I just rack the 5 gallon batch of cranapple to the secondary, I still have another 15 lbs of cranberries in the freezer. I might try cranberry orange recipe.
All the best,
janzz


----------



## docanddeb

I started cranberry last night. Free frozen berries from a local marsh. Used the blender for small amounts to chop. Bagged. Added some frozen apple juice and sugar to SG 1.090. I used 17.5# for a 3 gal batch.
I make homemade cranberries all the time and I've never had them take more than 30-40 min to cook... why would it take hours?? Remember, cranberries have a LOT of natural pectin, it's why they gel so easily. You'll be "setting" that gel if you cook it. You could have a great deal of trouble clearing this. With wine, it's always best to avoid heating the fruits.
By the way... homemade cranberry sauce with raspberries is fantastic too!!

Debbie

PS why would anyone ADD acid blend to a cranberry wine? Baffles me!!!


----------



## PCharles

Debbie, 

You are right about the pH. I've edited my recipe to caution about the natural low pH of cranberries. 

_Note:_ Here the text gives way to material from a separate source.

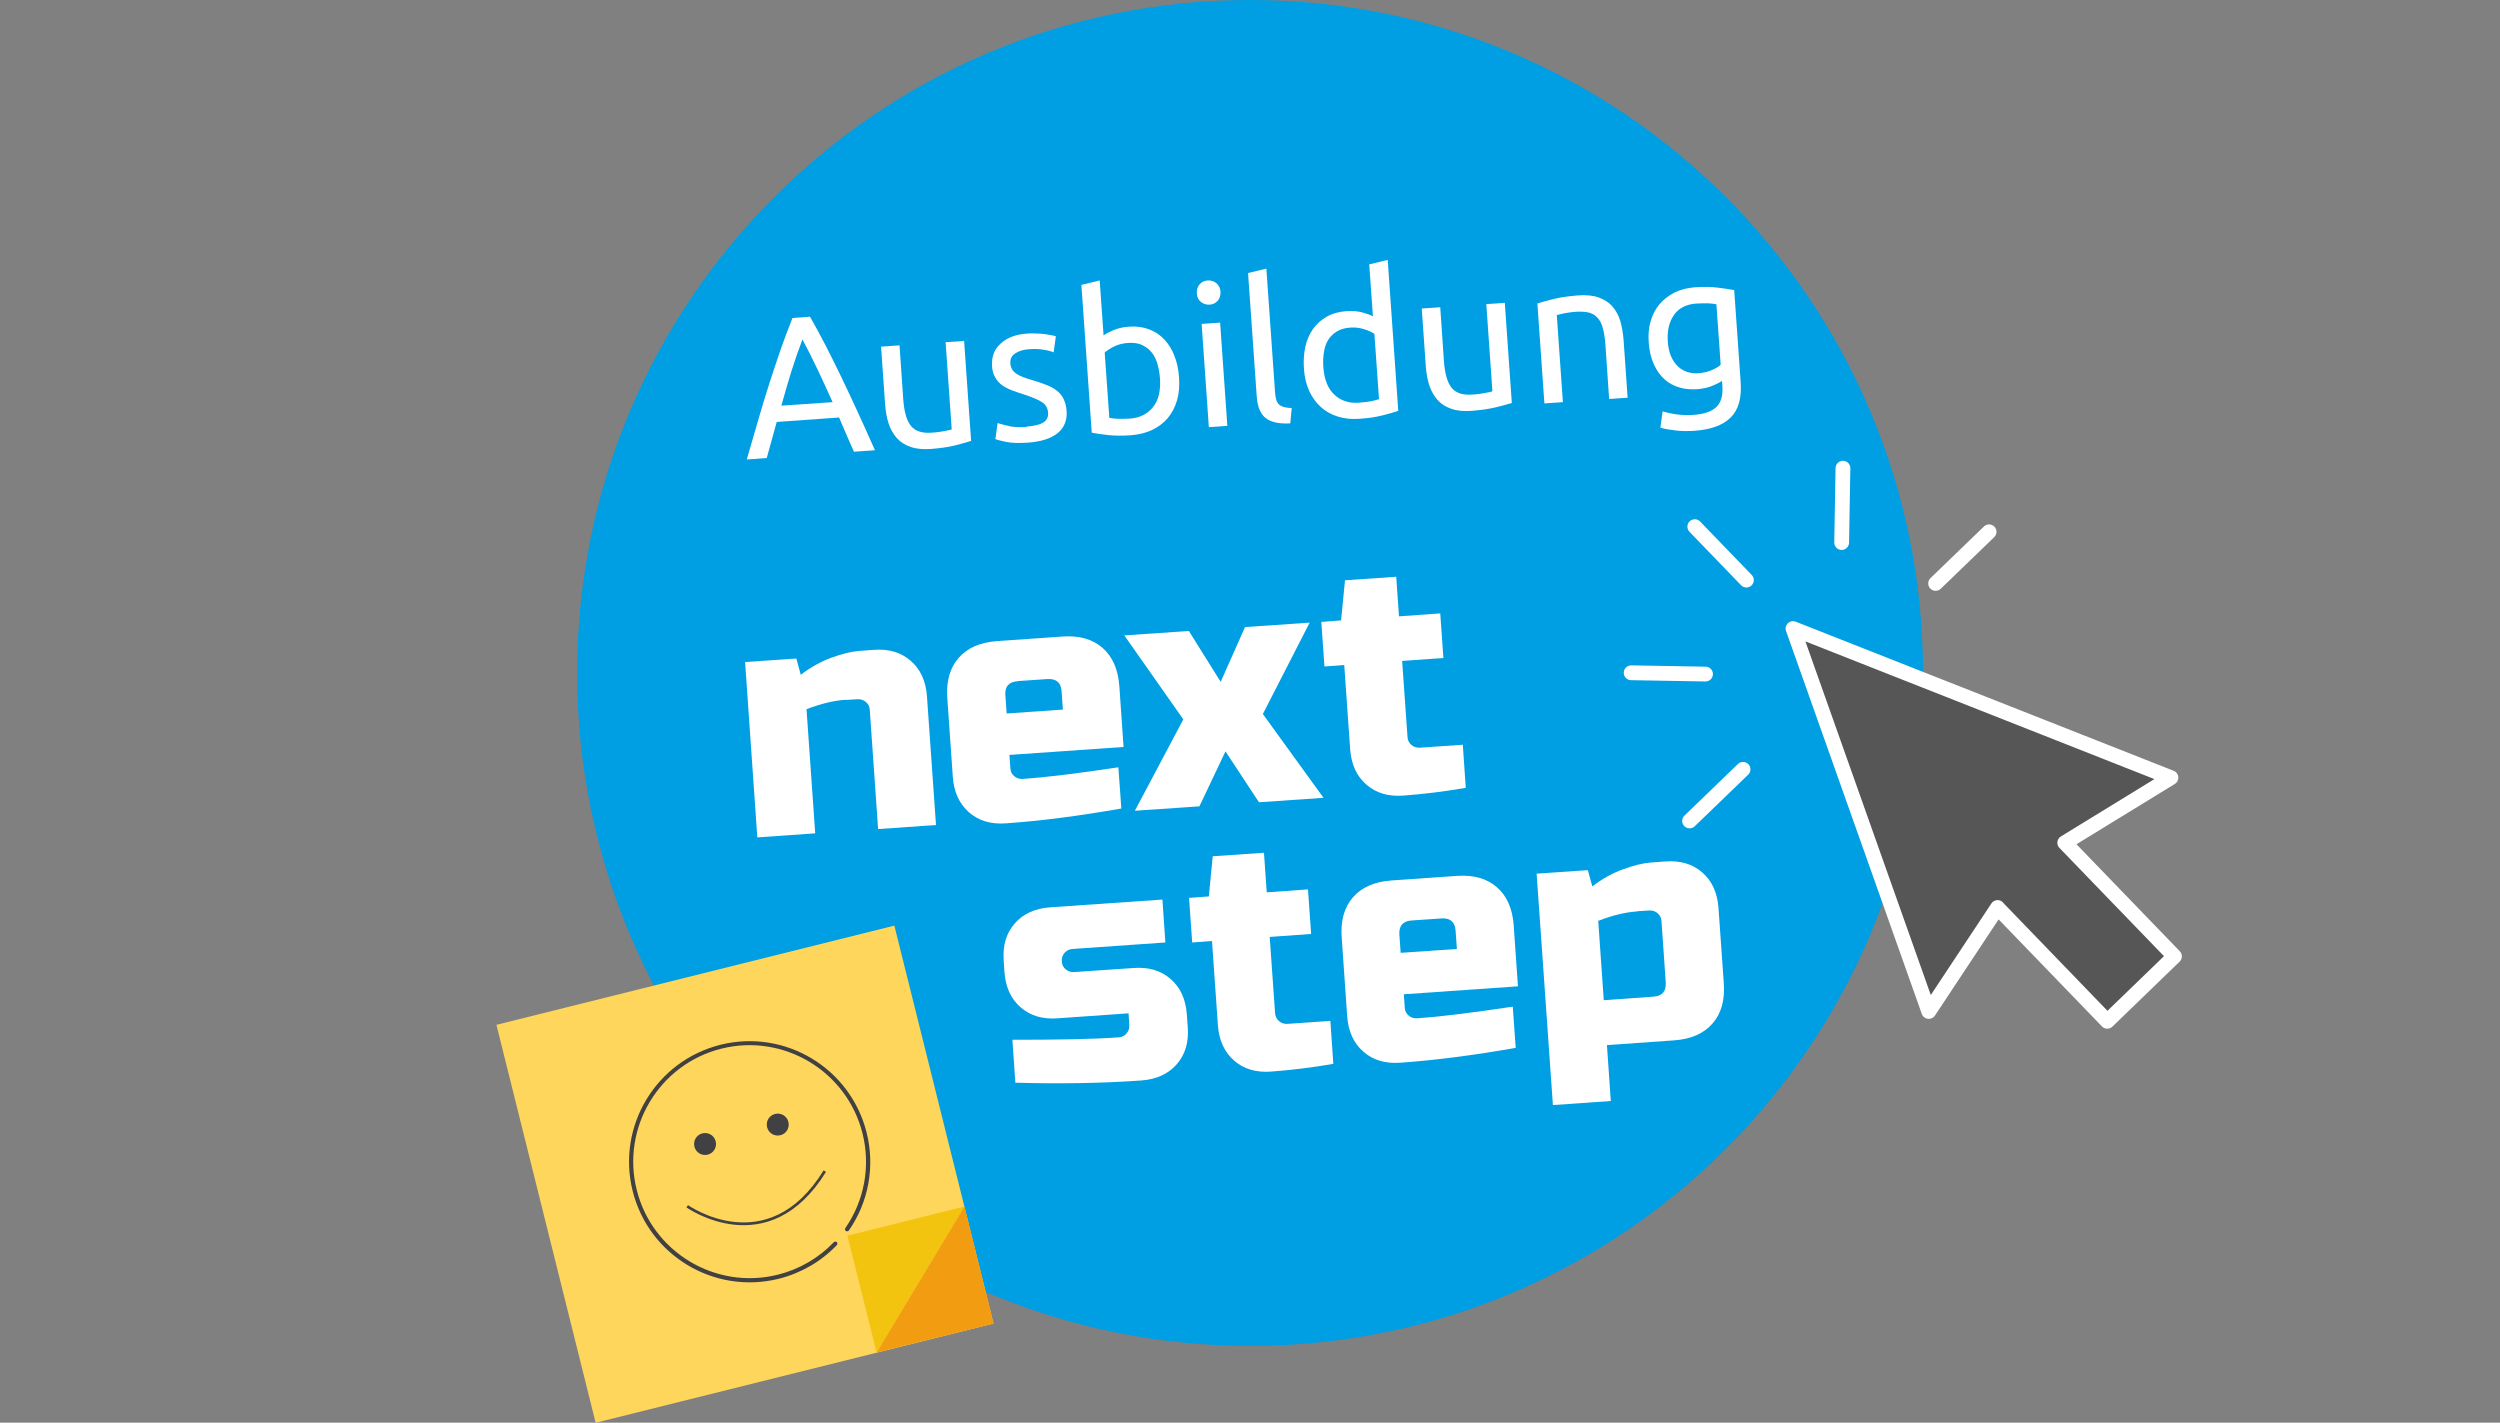 <svg xmlns="http://www.w3.org/2000/svg" xmlns:xlink="http://www.w3.org/1999/xlink" id="uuid-3dd5de51-c249-4e2c-9b6e-ca4d9bca915f" data-name="Ebene 1" viewBox="0 0 135.15 76.91"><rect x="0" y="0" width="135.15" height="76.91" fill="#808080" stroke="none"/><defs><clipPath id="uuid-9eef1875-2d37-4a2a-bb20-2ac19e399053"><rect y="0" width="135.15" height="76.91" style="fill: none; stroke-width: 0px;"></rect></clipPath><clipPath id="uuid-505614d9-7ca5-49d0-99cc-002503781a08"><rect y="0" width="135.15" height="76.91" style="fill: none; stroke-width: 0px;"></rect></clipPath></defs><g style="clip-path: url(#uuid-9eef1875-2d37-4a2a-bb20-2ac19e399053);"><path d="M67.58,72.76c20.09,0,36.38-16.29,36.38-36.38S87.67,0,67.58,0,31.2,16.29,31.2,36.38s16.29,36.38,36.38,36.38" style="fill: #009ee3; stroke-width: 0px;"></path></g><g><path d="M45.72,37.83c-.63.04-1.34.21-2.12.51l.47,6.71-3.13.22-.66-9.48,2.77-.19.24.88c.53-.41,1.09-.72,1.67-.93.58-.21,1.07-.33,1.48-.36l.8-.06c.81-.06,1.48.14,2,.6.52.45.81,1.09.87,1.9l.49,6.97-3.13.22-.45-6.44c-.01-.18-.08-.32-.21-.43-.13-.11-.28-.16-.46-.15l-.63.04Z" style="fill: #fff; stroke-width: 0px;"></path><path d="M60.61,43.71c-2.28.4-4.36.67-6.23.8-.81.06-1.48-.14-2-.6-.52-.46-.81-1.09-.87-1.9l-.3-4.29c-.06-.89.14-1.61.61-2.15.47-.54,1.15-.84,2.05-.91l3.58-.25c.89-.06,1.61.14,2.15.61.54.47.84,1.15.91,2.05l.23,3.31-6.17.43.05.72c.01.18.08.32.21.43.13.11.28.16.46.15,1.18-.08,2.9-.29,5.17-.63l.16,2.23ZM55.01,36.83c-.48.03-.7.29-.66.76l.07.98,3.04-.21-.07-.98c-.03-.48-.29-.7-.77-.67l-1.61.11Z" style="fill: #fff; stroke-width: 0px;"></path><path d="M67.31,33.9l3.49-.24-2.53,4.94,3.28,4.53-3.49.24-1.81-2.75-1.41,2.97-3.49.24,2.62-4.94-3.19-4.54,3.49-.24,1.72,2.75,1.32-2.97Z" style="fill: #fff; stroke-width: 0px;"></path><path d="M79.24,42.59c-1.15.2-2.28.34-3.38.42-.81.06-1.48-.14-2-.6-.52-.45-.81-1.09-.87-1.9l-.32-4.56-1.07.08-.17-2.41,1.07-.08.21-2.17,2.77-.19.15,2.14,2.23-.16.17,2.41-2.23.16.29,4.11c.01.18.08.32.21.43.13.11.28.16.46.15l2.32-.16.16,2.33Z" style="fill: #fff; stroke-width: 0px;"></path></g><g><path d="M54.73,56.21c2.43,0,4.35-.03,5.74-.13.18-.01.32-.08.43-.21.11-.13.16-.28.15-.46l-.04-.63-3.84.27c-.81.06-1.48-.14-2-.6-.52-.45-.81-1.09-.87-1.9l-.04-.63c-.06-.81.14-1.48.6-2,.45-.52,1.09-.81,1.9-.87l6.08-.42.16,2.32-5.01.35c-.18.01-.32.08-.44.21-.11.13-.16.28-.15.46.01.18.08.32.21.43.13.11.28.16.46.15l3.22-.22c.81-.06,1.48.14,2,.6.52.45.81,1.09.87,1.9l.05.71c.06.81-.14,1.48-.6,2-.46.52-1.09.81-1.9.87-2.11.15-4.38.19-6.82.12l-.16-2.32Z" style="fill: #fff; stroke-width: 0px;"></path><path d="M72.09,57.51c-1.15.2-2.28.34-3.38.42-.81.06-1.48-.14-2-.6-.52-.45-.81-1.09-.87-1.9l-.32-4.56-1.07.08-.17-2.41,1.07-.08.21-2.17,2.77-.19.15,2.14,2.23-.16.17,2.41-2.24.16.29,4.11c.01.18.08.32.21.44.13.11.28.16.46.15l2.32-.16.16,2.32Z" style="fill: #fff; stroke-width: 0px;"></path><path d="M81.93,56.65c-2.28.4-4.36.67-6.23.8-.81.06-1.48-.14-2-.6-.52-.45-.81-1.09-.87-1.9l-.3-4.29c-.06-.89.14-1.61.61-2.15.47-.54,1.15-.84,2.05-.91l3.58-.25c.89-.06,1.61.14,2.15.61.54.47.84,1.15.91,2.05l.23,3.31-6.17.43.05.72c.01.18.08.32.21.43.13.11.28.16.46.15,1.18-.08,2.9-.29,5.17-.63l.16,2.23ZM76.32,49.76c-.48.03-.7.29-.67.77l.07.98,3.04-.21-.07-.98c-.03-.48-.29-.7-.76-.67l-1.61.11Z" style="fill: #fff; stroke-width: 0px;"></path><path d="M86.87,56.48l.21,3.04-3.13.22-.88-12.51,2.77-.19.24.88c.53-.41,1.09-.72,1.67-.93.58-.21,1.07-.33,1.48-.36l.8-.06c.81-.06,1.48.14,2,.6.52.45.81,1.09.87,1.9l.29,4.11c.06.89-.14,1.61-.61,2.15-.47.54-1.15.84-2.05.91l-3.67.26ZM88.52,49.27c-.63.04-1.34.21-2.12.51l.3,4.29,2.68-.19c.48-.03.7-.29.67-.77l-.23-3.31c-.01-.18-.08-.32-.21-.43-.13-.11-.28-.16-.46-.15l-.62.04Z" style="fill: #fff; stroke-width: 0px;"></path></g><g><path d="M46.17,24.43c-.14-.31-.28-.62-.41-.93-.13-.3-.26-.61-.4-.93l-3.37.24-.54,1.95-1.08.08c.23-.81.45-1.55.65-2.24.2-.69.4-1.34.6-1.96.2-.62.4-1.21.59-1.77.2-.56.41-1.12.63-1.68l.95-.07c.29.52.58,1.04.85,1.57.27.53.55,1.09.83,1.67.28.58.57,1.2.87,1.85.3.65.62,1.36.96,2.13l-1.14.08ZM45.01,21.74c-.27-.61-.54-1.19-.81-1.76-.27-.57-.54-1.11-.82-1.63-.21.55-.41,1.13-.6,1.73-.18.6-.37,1.22-.54,1.85l2.77-.19Z" style="fill: #fff; stroke-width: 0px;"></path><path d="M52.52,23.83c-.22.07-.52.15-.89.25-.37.09-.8.15-1.3.19-.43.03-.79,0-1.1-.11-.3-.1-.55-.26-.75-.48-.19-.22-.34-.48-.44-.78-.1-.31-.16-.65-.19-1.03l-.22-3.13,1-.07.2,2.92c.05.68.19,1.16.42,1.44.23.28.61.4,1.11.36.11,0,.22-.02.33-.03.11-.01.22-.03.32-.05.1-.02.19-.04.27-.05.08-.02.14-.03.17-.05l-.33-4.71,1-.07.38,5.42Z" style="fill: #fff; stroke-width: 0px;"></path><path d="M55.5,23.06c.41-.03.71-.1.9-.22.19-.12.28-.3.26-.54-.02-.24-.13-.43-.33-.56-.2-.13-.53-.27-.99-.42-.22-.07-.43-.14-.64-.22-.2-.08-.38-.17-.53-.28-.15-.11-.28-.25-.37-.42-.1-.17-.16-.37-.17-.62-.03-.49.12-.9.47-1.21.34-.32.83-.5,1.46-.54.16-.01.32-.01.47,0,.16,0,.31.02.44.03.14.02.26.04.36.06.11.02.19.04.25.06l-.12.87c-.11-.05-.28-.1-.52-.14-.23-.04-.51-.06-.83-.03-.28.02-.52.09-.72.22-.2.13-.29.31-.27.54,0,.12.04.23.09.32.05.09.13.17.23.24.1.07.23.13.37.19.15.05.32.11.53.17.27.08.51.16.73.25.21.08.4.18.55.3.16.12.28.27.37.44.09.18.15.4.17.66.04.51-.13.92-.49,1.21-.36.29-.9.46-1.61.51-.49.03-.88.02-1.17-.04-.28-.06-.48-.11-.58-.15l.12-.87c.12.04.3.09.56.15.26.07.59.09,1.01.06Z" style="fill: #fff; stroke-width: 0px;"></path><path d="M59.66,18.13c.12-.09.29-.18.53-.28.24-.1.52-.17.84-.19.4-.03.76.02,1.08.14.32.12.6.3.83.55.23.24.42.54.55.89.14.35.22.74.25,1.17.03.45,0,.86-.11,1.23-.11.37-.27.69-.5.96-.23.27-.51.48-.84.64-.33.16-.71.25-1.14.29-.46.03-.88.03-1.24-.01-.36-.04-.66-.08-.89-.13l-.56-7.99.99-.24.21,2.99ZM59.97,22.59c.1.02.25.04.43.05.18.01.41,0,.68-.01.54-.04.95-.25,1.25-.62s.42-.89.38-1.54c-.02-.29-.07-.55-.14-.8-.07-.25-.18-.46-.32-.63-.14-.17-.32-.3-.53-.4-.21-.09-.46-.12-.75-.1-.27.02-.52.08-.74.19-.22.11-.39.22-.51.33l.25,3.53Z" style="fill: #fff; stroke-width: 0px;"></path><path d="M65.39,16.47c-.18.01-.33-.04-.47-.15s-.21-.26-.22-.46c-.01-.2.04-.36.15-.49.12-.13.27-.2.44-.21s.33.04.47.15c.13.11.21.27.22.46.01.2-.04.36-.15.49-.12.13-.26.2-.44.21ZM66.35,23.02l-1,.07-.39-5.58,1-.07.39,5.58Z" style="fill: #fff; stroke-width: 0px;"></path><path d="M69.75,22.89c-.62.03-1.06-.07-1.34-.3-.28-.23-.43-.61-.47-1.14l-.47-6.69.99-.24.47,6.7c.01.17.04.3.07.41.04.11.09.19.16.25.07.06.16.1.27.13s.24.04.4.05l-.08.85Z" style="fill: #fff; stroke-width: 0px;"></path><path d="M74.03,14.29l.99-.24.57,8.16c-.22.08-.51.16-.87.25-.35.09-.76.15-1.23.18-.43.03-.82-.01-1.17-.12-.35-.11-.66-.28-.92-.52-.26-.23-.47-.53-.63-.88-.16-.35-.25-.75-.28-1.2-.03-.43,0-.83.08-1.19.08-.37.23-.68.42-.96.2-.27.45-.49.75-.66.3-.17.65-.26,1.05-.29.32-.02.61,0,.86.07.25.07.44.14.57.21l-.2-2.82ZM74.3,18.05c-.13-.09-.31-.18-.55-.25-.24-.08-.49-.11-.76-.09-.29.02-.53.09-.72.21-.2.12-.35.27-.47.46-.12.19-.19.41-.23.67s-.05.52-.03.81c.05.65.24,1.14.59,1.47s.79.48,1.32.44c.27-.02.5-.05.68-.08.18-.04.32-.08.42-.11l-.25-3.53Z" style="fill: #fff; stroke-width: 0px;"></path><path d="M81.75,21.78c-.22.07-.52.15-.89.24-.37.09-.8.15-1.3.19-.43.03-.79,0-1.1-.11-.3-.1-.55-.26-.75-.48-.19-.22-.34-.48-.44-.78-.1-.31-.16-.65-.19-1.03l-.22-3.13,1-.07.2,2.92c.05.68.19,1.16.42,1.44s.61.4,1.11.36c.11,0,.22-.02.33-.03.11-.01.22-.03.32-.05.1-.02.19-.03.27-.05s.14-.03.17-.05l-.33-4.71,1-.07.38,5.42Z" style="fill: #fff; stroke-width: 0px;"></path><path d="M83.1,16.41c.22-.07.52-.16.9-.25.38-.09.81-.15,1.3-.19.44-.03.82,0,1.12.11.3.11.55.26.74.48.19.21.33.47.43.78.09.31.15.65.18,1.03l.22,3.13-1,.07-.2-2.92c-.02-.34-.07-.63-.13-.87-.06-.24-.15-.43-.27-.57-.12-.14-.27-.24-.45-.3-.18-.05-.41-.07-.67-.06-.11,0-.22.02-.33.03-.11.01-.22.03-.33.05-.1.02-.2.04-.28.06-.08.02-.14.04-.17.04l.33,4.71-1,.07-.38-5.42Z" style="fill: #fff; stroke-width: 0px;"></path><path d="M93.09,20.59c-.08.06-.24.15-.48.25-.24.11-.53.17-.85.2-.34.02-.66,0-.96-.09-.31-.09-.58-.23-.81-.44-.24-.21-.43-.48-.58-.81-.15-.33-.25-.72-.28-1.19-.03-.41,0-.79.1-1.13.1-.35.25-.65.47-.92.22-.26.49-.47.81-.64.33-.16.7-.26,1.12-.29.46-.03.87-.03,1.23.02.35.04.65.09.89.13l.35,4.98c.06.86-.12,1.5-.54,1.91-.42.42-1.08.66-1.98.72-.35.02-.68.02-1-.02s-.59-.08-.82-.15l.12-.88c.21.06.46.12.75.16.29.04.6.05.91.03.59-.04,1.01-.19,1.26-.44.25-.25.35-.64.31-1.15l-.02-.24ZM92.79,16.45c-.1-.02-.24-.04-.41-.05-.17-.01-.4,0-.68.01-.54.04-.94.24-1.2.61-.26.37-.38.85-.34,1.43.02.32.08.59.18.82.1.22.22.4.37.54.15.14.32.24.51.3.19.06.38.08.57.07.26-.02.5-.07.72-.16s.39-.19.51-.3l-.23-3.26Z" style="fill: #fff; stroke-width: 0px;"></path></g><path d="M107.99,49.06l-3.72,5.62-7.34-20.7,20.43,8.06-5.74,3.52,5.93,6.14-3.63,3.51-5.93-6.14ZM92.2,36.44l-4.02-.07M94.23,41.59l-2.89,2.79M107.53,28.75l-2.89,2.79M99.63,25.31l-.07,4.02M91.62,28.47l2.79,2.89" style="fill: #575656; stroke-width: 0px;"></path><path d="M107.99,49.06l-3.72,5.62-7.34-20.7,20.43,8.06-5.74,3.52,5.93,6.14-3.63,3.51-5.93-6.14ZM92.2,36.44l-4.02-.07M94.23,41.59l-2.89,2.79M107.53,28.75l-2.89,2.79M99.63,25.31l-.07,4.02M91.62,28.47l2.79,2.89" style="fill: none; stroke: #fff; stroke-linecap: round; stroke-linejoin: round; stroke-width: .8px;"></path><rect x="29.19" y="52.39" width="22.17" height="22.17" transform="translate(-14.16 11.63) rotate(-14)" style="fill: #ffd65c; stroke-width: 0px;"></rect><polygon points="45.81 66.8 47.39 73.12 52.14 65.22 45.81 66.8" style="fill: #f2c40f; stroke-width: 0px;"></polygon><polygon points="47.39 73.12 52.14 65.22 53.71 71.55 47.39 73.12" style="fill: #f29c12; stroke-width: 0px;"></polygon><g style="clip-path: url(#uuid-505614d9-7ca5-49d0-99cc-002503781a08);"><path d="M38.95,56.48c-3.49.87-5.62,4.41-4.75,7.9.87,3.49,4.41,5.62,7.9,4.75,1.2-.3,2.29-.93,3.14-1.82.04-.04.04-.12,0-.16-.04-.04-.12-.04-.16,0-.82.86-1.87,1.47-3.03,1.76-3.37.84-6.79-1.22-7.63-4.59-.84-3.37,1.22-6.79,4.58-7.63,3.37-.84,6.79,1.22,7.63,4.59.44,1.76.1,3.62-.93,5.11-.04.05-.02.12.03.16.05.03.12.02.16-.03,1.07-1.54,1.42-3.47.96-5.29-.87-3.49-4.41-5.62-7.9-4.75" style="fill: #414144; stroke-width: 0px;"></path><path d="M37.15,65.21s4.36,3.1,7.44-1.9" style="fill: none; stroke: #414144; stroke-width: .15px;"></path><path d="M38.26,62.42c.32-.08.51-.4.43-.72-.08-.32-.4-.51-.72-.43-.32.08-.51.4-.43.72.08.32.4.51.72.43" style="fill: #414144; stroke-width: 0px;"></path><path d="M42.19,61.37c.32-.08.51-.4.43-.72-.08-.32-.4-.51-.72-.43-.32.08-.51.4-.43.72.08.32.4.51.72.43" style="fill: #414144; stroke-width: 0px;"></path></g></svg>

In regards to the cook time, I made the cranberry sauce about 5 years ago and was going by memory. I was using whole berries and it seemed to take a long time for them to break up. Putting them through the food processer did speed up the process of cooking. 

I had the hardest time getting my cranberry wine to start fermenting. The low pH was likely the biggest problem. I've made some suggestions/edits to my recipe. 

I so glad that my bach finally took off and is now sitting happily in the secondary. 

Best of luck with your cranberry wine and Merry Christmas.

Paul


----------